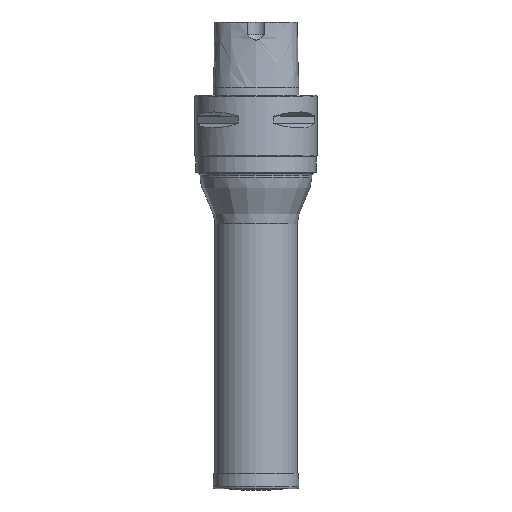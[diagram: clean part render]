
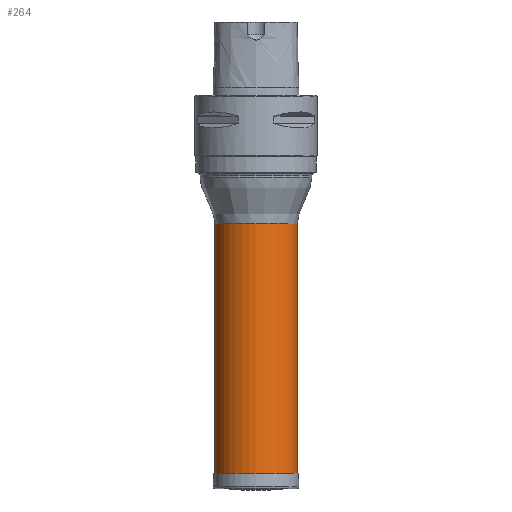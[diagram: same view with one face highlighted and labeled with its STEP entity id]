
A CAD part, front view. The second image highlights one B-rep face of the part: STEP entity #264.
In plain terms, the highlighted cylindrical face has radius 13.55 mm (diameter 27.1 mm), a full revolution.
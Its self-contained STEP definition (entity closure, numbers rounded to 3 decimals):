
#264=ADVANCED_FACE('TB_IB_SU_5',(#332,#333),#319,.T.);
#319=CYLINDRICAL_SURFACE('',#839,13.55);
#332=FACE_BOUND('',#398,.T.);
#333=FACE_BOUND('',#399,.T.);
#398=EDGE_LOOP('',(#486));
#399=EDGE_LOOP('',(#487));
#486=ORIENTED_EDGE('',*,*,#722,.T.);
#487=ORIENTED_EDGE('',*,*,#723,.F.);
#654=VERTEX_POINT('',#1136);
#655=VERTEX_POINT('',#1138);
#722=EDGE_CURVE('',#654,#654,#806,.T.);
#723=EDGE_CURVE('',#655,#655,#807,.T.);
#806=CIRCLE('',#837,13.55);
#807=CIRCLE('',#838,13.55);
#837=AXIS2_PLACEMENT_3D('',#1135,#929,#930);
#838=AXIS2_PLACEMENT_3D('',#1137,#931,#932);
#839=AXIS2_PLACEMENT_3D('',#1139,#933,#934);
#929=DIRECTION('',(0.,0.,-1.));
#930=DIRECTION('',(-1.,0.,0.));
#931=DIRECTION('',(0.,0.,-1.));
#932=DIRECTION('',(-1.,0.,0.));
#933=DIRECTION('',(0.,0.,-1.));
#934=DIRECTION('',(-1.,0.,0.));
#1135=CARTESIAN_POINT('',(0.,0.,-42.));
#1136=CARTESIAN_POINT('',(-13.55,0.,-42.));
#1137=CARTESIAN_POINT('',(0.,0.,-127.));
#1138=CARTESIAN_POINT('',(-13.55,0.,-127.));
#1139=CARTESIAN_POINT('',(0.,0.,0.));
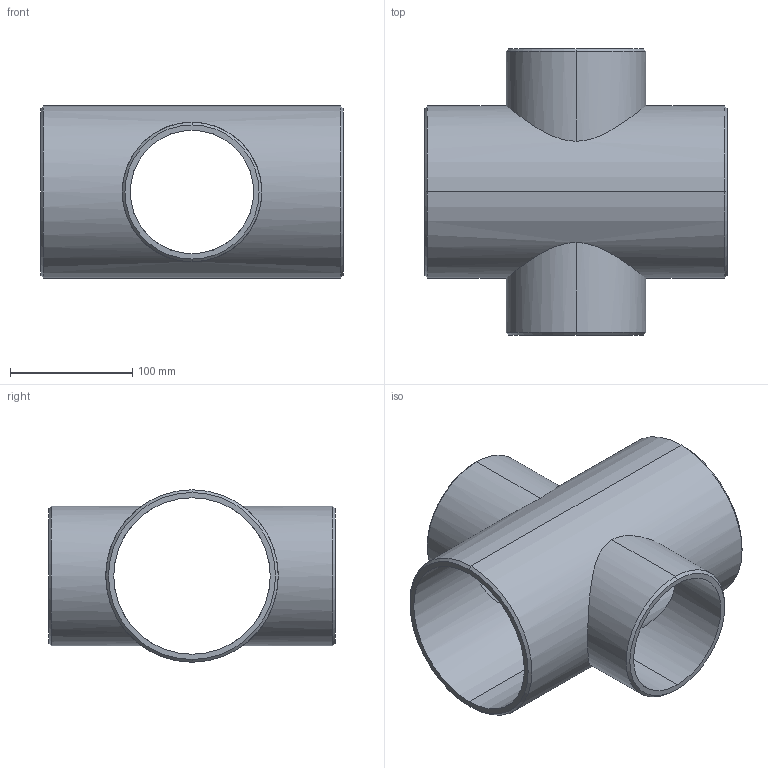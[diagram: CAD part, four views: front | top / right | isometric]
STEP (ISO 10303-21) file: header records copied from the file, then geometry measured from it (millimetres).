
FILE_DESCRIPTION (( 'STEP AP203' ), '1' );
FILE_NAME ('RCross Inch 5x5x4Sch 40.STEP', '2025-05-08T01:44:22', '' );
FILE_SCHEMA (( 'CONFIG_CONTROL_DESIGN' ));
Length unit declared in the file: inch
Products named in the file (1): RCross Inch 5x5x4Sch 40
Bounding box: 247.9 x 234.7 x 141.3 mm (x, y, z)
Volume: 828564.2 mm3; surface area: 261705.9 mm2
Topology: 1 solids, 1 shells, 24 faces, 52 edges, 32 vertices
Faces by surface type: cylinder 12, cone 8, plane 4
Entity records: 1387 total; most frequent: CARTESIAN_POINT 765, DIRECTION 118, ORIENTED_EDGE 104, EDGE_CURVE 52, AXIS2_PLACEMENT_3D 49, VERTEX_POINT 32, EDGE_LOOP 32, CIRCLE 24
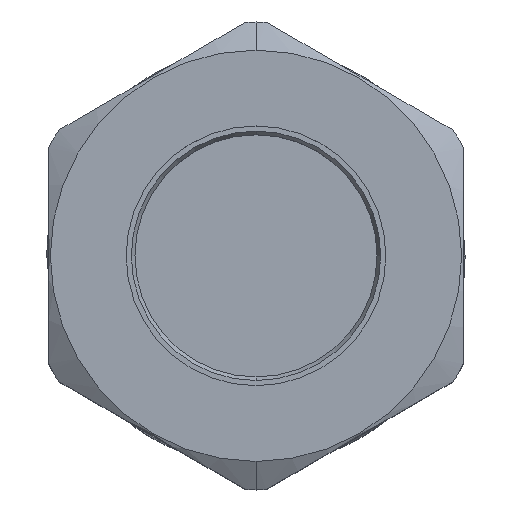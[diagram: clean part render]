
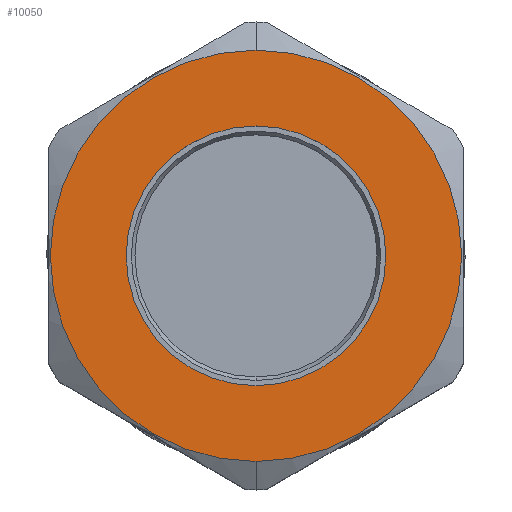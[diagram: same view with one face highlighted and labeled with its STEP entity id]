
A CAD part, top view. The second image highlights one B-rep face of the part: STEP entity #10050.
In plain terms, the highlighted planar face has unit normal (0, 0, 1).
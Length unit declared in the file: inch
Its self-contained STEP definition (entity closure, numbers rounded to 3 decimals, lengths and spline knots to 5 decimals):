
#3833=CARTESIAN_POINT('',(0.,0.,3.369));
#3834=DIRECTION('',(0.,0.,1.));
#3835=DIRECTION('',(0.,-1.,0.));
#3836=AXIS2_PLACEMENT_3D('',#3833,#3834,#3835);
#3838=CARTESIAN_POINT('',(0.,0.,3.369));
#3839=DIRECTION('',(0.,0.,1.));
#3840=DIRECTION('',(0.,1.,0.));
#3841=AXIS2_PLACEMENT_3D('',#3838,#3839,#3840);
#3843=CARTESIAN_POINT('',(0.,0.,3.369));
#3844=DIRECTION('',(0.,0.,1.));
#3845=DIRECTION('',(0.,-1.,0.));
#3846=AXIS2_PLACEMENT_3D('',#3843,#3844,#3845);
#3848=CARTESIAN_POINT('',(0.,0.,3.369));
#3849=DIRECTION('',(0.,0.,1.));
#3850=DIRECTION('',(0.,1.,0.));
#3851=AXIS2_PLACEMENT_3D('',#3848,#3849,#3850);
#4095=CARTESIAN_POINT('',(0.,-0.5575,3.369));
#4096=CARTESIAN_POINT('',(0.,0.5575,3.369));
#4097=VERTEX_POINT('',#4095);
#4098=VERTEX_POINT('',#4096);
#4169=CARTESIAN_POINT('',(0.,-0.352,3.369));
#4170=CARTESIAN_POINT('',(0.,0.352,3.369));
#4171=VERTEX_POINT('',#4169);
#4172=VERTEX_POINT('',#4170);
#10035=CARTESIAN_POINT('',(0.,0.,3.369));
#10036=DIRECTION('',(0.,0.,1.));
#10037=DIRECTION('',(0.,1.,0.));
#10038=AXIS2_PLACEMENT_3D('',#10035,#10036,#10037);
#10039=PLANE('',#10038);
#10040=ORIENTED_EDGE('',*,*,#9791,.F.);
#10041=ORIENTED_EDGE('',*,*,#10019,.F.);
#10042=EDGE_LOOP('',(#10040,#10041));
#10043=FACE_OUTER_BOUND('',#10042,.F.);
#10045=ORIENTED_EDGE('',*,*,#10044,.T.);
#10047=ORIENTED_EDGE('',*,*,#10046,.T.);
#10048=EDGE_LOOP('',(#10045,#10047));
#10049=FACE_BOUND('',#10048,.F.);
#3837=CIRCLE('',#3836,0.5575);
#3842=CIRCLE('',#3841,0.5575);
#3847=CIRCLE('',#3846,0.352);
#3852=CIRCLE('',#3851,0.352);
#9791=EDGE_CURVE('',#4097,#4098,#3837,.T.);
#10019=EDGE_CURVE('',#4098,#4097,#3842,.T.);
#10044=EDGE_CURVE('',#4171,#4172,#3847,.T.);
#10046=EDGE_CURVE('',#4172,#4171,#3852,.T.);
#10050=ADVANCED_FACE('',(#10043,#10049),#10039,.T.);
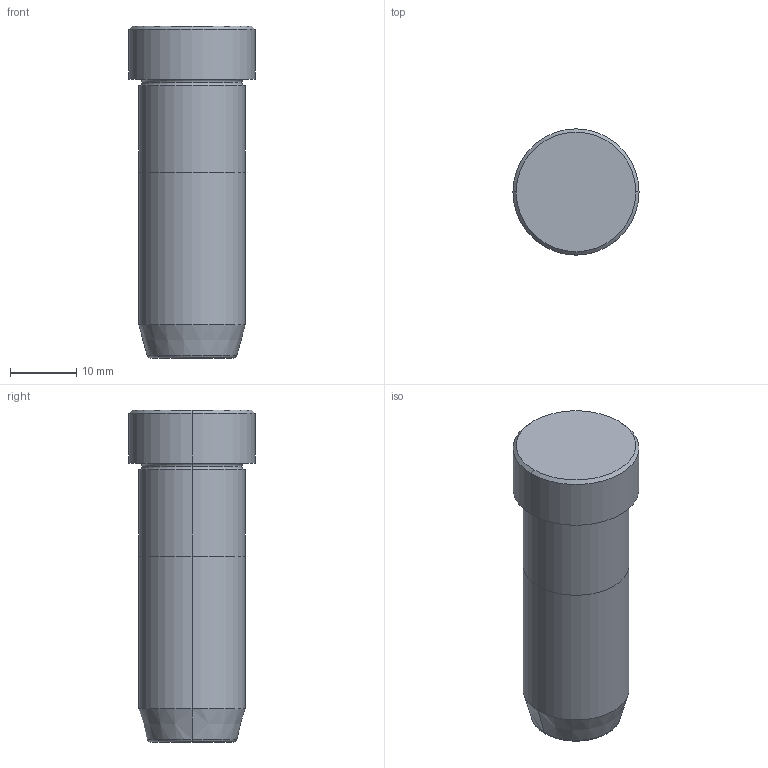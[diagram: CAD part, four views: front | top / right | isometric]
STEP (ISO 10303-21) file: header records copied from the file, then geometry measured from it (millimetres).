
FILE_DESCRIPTION (( 'STEP AP203' ), '1' );
FILE_NAME ('bc65.STEP', '2024-01-02T23:17:58', ( '' ), ( '' ), 'SwSTEP 2.0', 'SolidWorks 2019', '' );
FILE_SCHEMA (( 'CONFIG_CONTROL_DESIGN' ));
Length unit declared in the file: millimetre
Products named in the file (1): bc65
Bounding box: 19 x 19 x 50 mm (x, y, z)
Volume: 10526.2 mm3; surface area: 3486.2 mm2
Topology: 2 solids, 2 shells, 21 faces, 38 edges, 22 vertices
Faces by surface type: torus 6, cylinder 6, plane 5, cone 4
Entity records: 595 total; most frequent: DIRECTION 110, CARTESIAN_POINT 82, ORIENTED_EDGE 76, AXIS2_PLACEMENT_3D 50, EDGE_CURVE 38, CIRCLE 28, EDGE_LOOP 22, VERTEX_POINT 22

------------------------------------------------------------------------

### PROBLEM TO WORK ON
Please copy, exactly and with nothing else, the lines above beginning at the line that has "#3835=DIRECTION('',(0.,-1.,0.));" and ending with the line that has "#3850=DIRECTION('',(0.,1.,0.));".

### TASK SOLUTION
#3835=DIRECTION('',(0.,-1.,0.));
#3836=AXIS2_PLACEMENT_3D('',#3833,#3834,#3835);
#3838=CARTESIAN_POINT('',(0.,0.,3.369));
#3839=DIRECTION('',(0.,0.,1.));
#3840=DIRECTION('',(0.,1.,0.));
#3841=AXIS2_PLACEMENT_3D('',#3838,#3839,#3840);
#3843=CARTESIAN_POINT('',(0.,0.,3.369));
#3844=DIRECTION('',(0.,0.,1.));
#3845=DIRECTION('',(0.,-1.,0.));
#3846=AXIS2_PLACEMENT_3D('',#3843,#3844,#3845);
#3848=CARTESIAN_POINT('',(0.,0.,3.369));
#3849=DIRECTION('',(0.,0.,1.));
#3850=DIRECTION('',(0.,1.,0.));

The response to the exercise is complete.